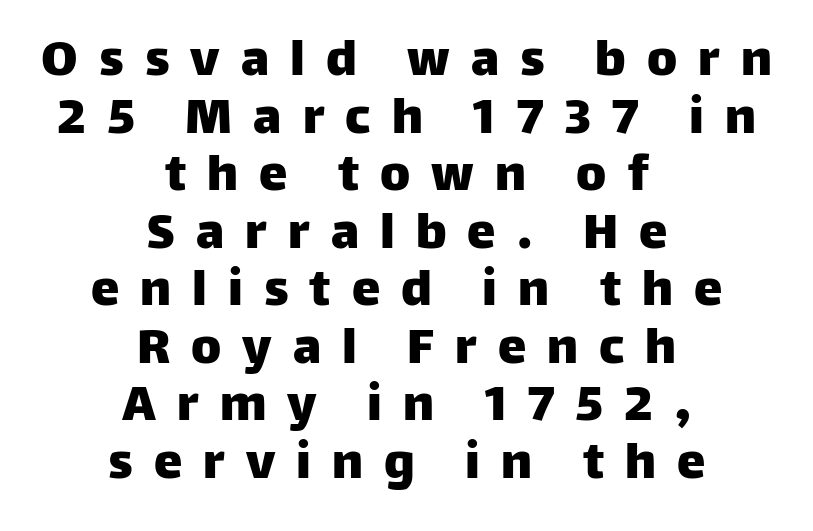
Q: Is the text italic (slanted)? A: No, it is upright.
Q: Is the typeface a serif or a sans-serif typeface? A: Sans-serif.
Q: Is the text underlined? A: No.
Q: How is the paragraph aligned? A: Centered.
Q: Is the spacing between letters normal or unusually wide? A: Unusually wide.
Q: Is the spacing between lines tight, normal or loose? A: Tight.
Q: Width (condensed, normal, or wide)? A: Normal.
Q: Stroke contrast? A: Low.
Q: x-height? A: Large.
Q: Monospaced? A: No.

● ● ● ● ● ● ●

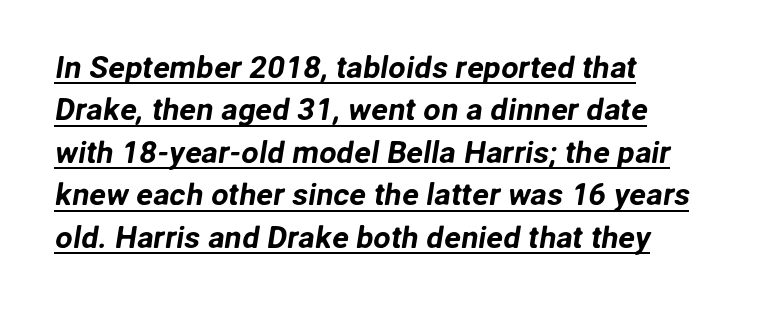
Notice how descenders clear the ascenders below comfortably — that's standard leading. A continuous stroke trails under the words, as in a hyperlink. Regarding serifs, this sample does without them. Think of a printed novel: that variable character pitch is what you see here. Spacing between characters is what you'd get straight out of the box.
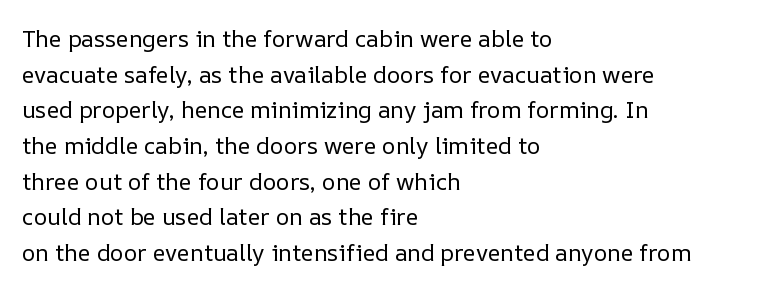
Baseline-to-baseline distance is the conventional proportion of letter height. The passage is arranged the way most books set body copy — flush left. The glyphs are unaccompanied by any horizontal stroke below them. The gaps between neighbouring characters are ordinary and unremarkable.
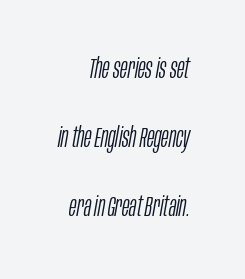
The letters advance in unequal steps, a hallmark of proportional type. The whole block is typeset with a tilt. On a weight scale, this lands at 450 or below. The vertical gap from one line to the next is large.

● ● ● ● ● ● ●

In the data above, find each line where the string "normal" appears, then copy it.

Q: Is the spacing between letters normal or unusually wide? A: Unusually wide.
Q: Is the spacing between lines tight, normal or loose? A: Tight.
Q: Width (condensed, normal, or wide)? A: Normal.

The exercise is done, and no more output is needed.